In the 1973 Yom Kippur War, the Israeli Armed Forces successfully beat back a two-front invasion by Syria and Egypt. The war lasted only a few weeks, but its implications for air combat continue to reverberate — even helping make the case for ditching the iconic A-10 Warthog.

The Yom Kippur War raged from Oct. 6-25, 1973, and the Israeli forces initially suffered severe setbacks. It was a full, combined arms conflict where tanks, artillery, planes, infantrymen and air defense missiles all had their say.

But one string of events reaches forward in time from those weeks and threatens the A-10.

Israel’s air force, the Chel Ha’Avir, was able to slow and halt nearly all advances by tanks and other ground forces when it was safe to fly. But when the enemy forces stayed under the air defense umbrella, Israel’s pilots came under heavy attack.

In one instance, 55 missiles were flying at Israel’s pilots in a single, small strip of land occupied by Syrian forces.

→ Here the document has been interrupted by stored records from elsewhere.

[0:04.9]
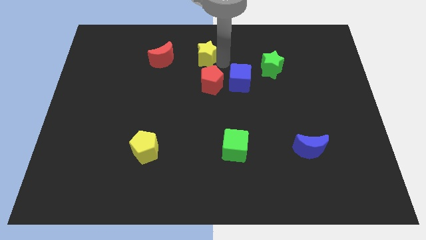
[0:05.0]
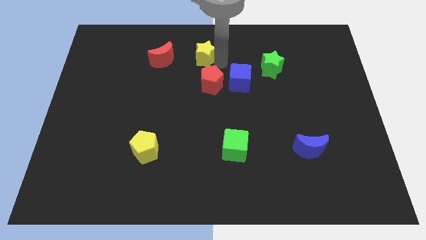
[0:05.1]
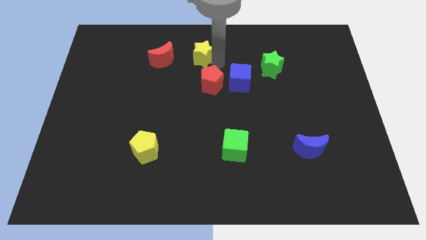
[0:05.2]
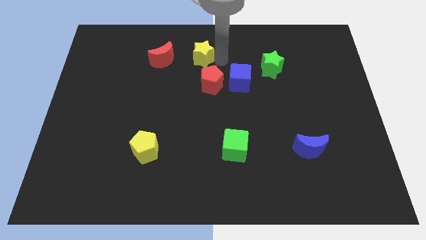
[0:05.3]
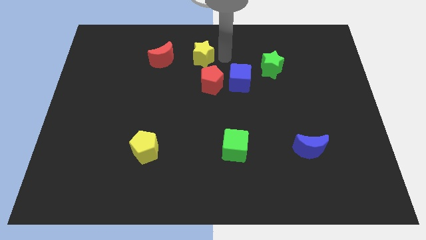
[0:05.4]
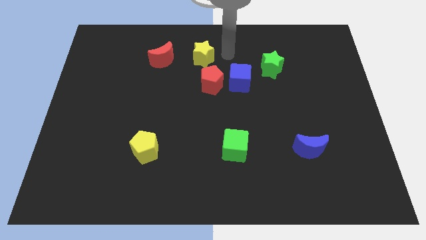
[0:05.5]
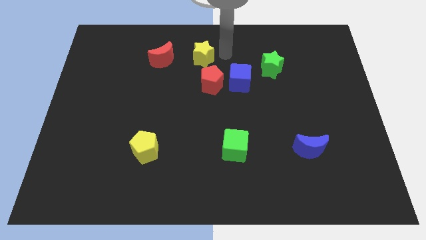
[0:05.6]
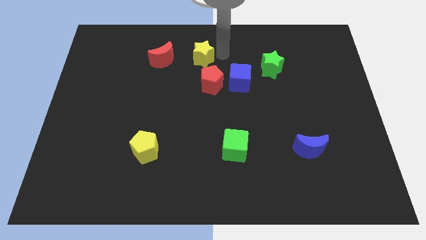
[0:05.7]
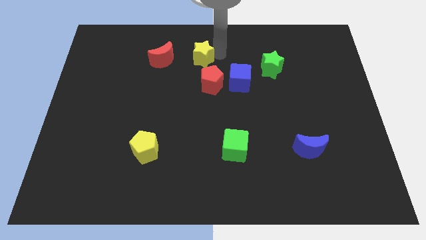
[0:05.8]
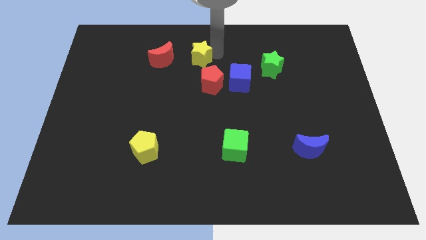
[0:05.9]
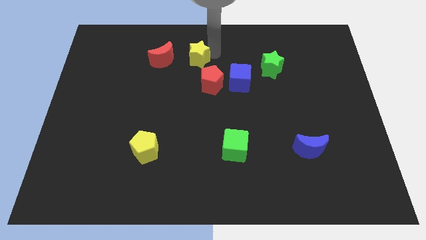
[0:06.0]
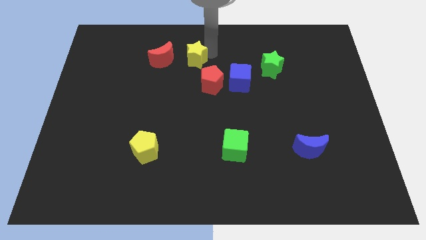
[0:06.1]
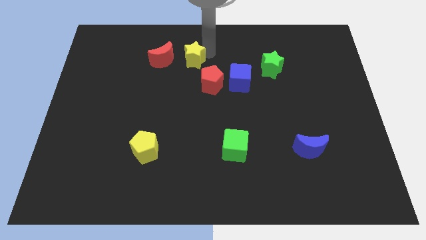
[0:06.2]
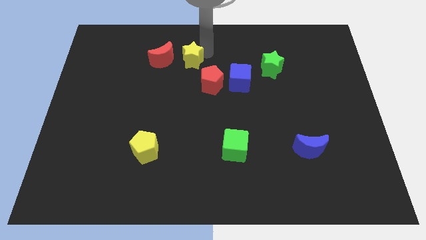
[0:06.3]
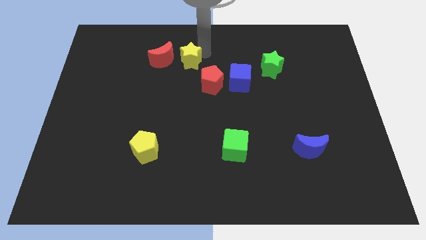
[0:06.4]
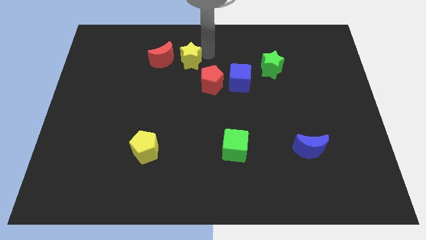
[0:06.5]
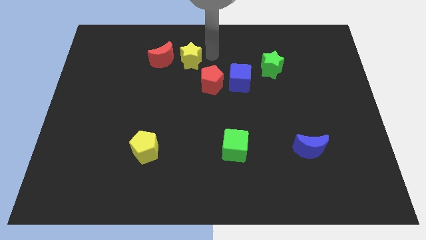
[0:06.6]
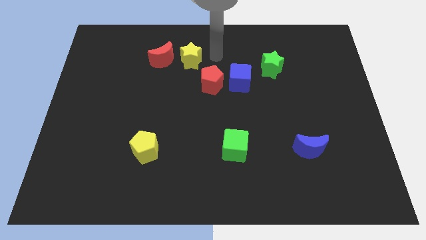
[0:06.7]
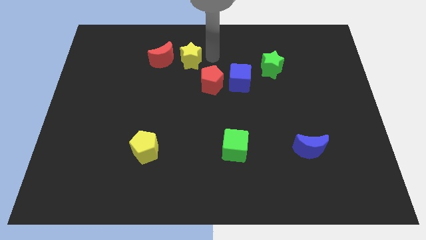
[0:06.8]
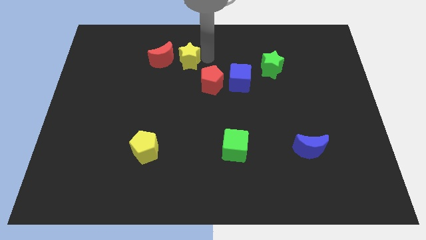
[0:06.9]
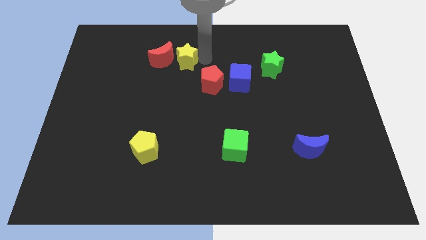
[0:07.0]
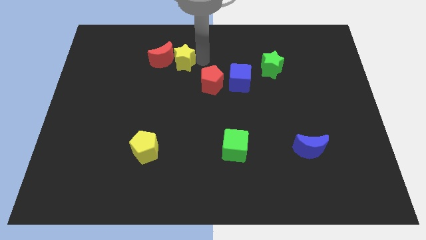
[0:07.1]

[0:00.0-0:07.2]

This resulted in Israeli ground forces either quickly losing their air cover to battlefield losses or to pilots becoming so worried about enemy missiles that they couldn’t operate properly. In the first 3 days of fighting, the Chel Ha’Avir lost approximately 50 fighters and fighter-bombers — 14 percent of the air force’s entire frontline combat strength…

Read on.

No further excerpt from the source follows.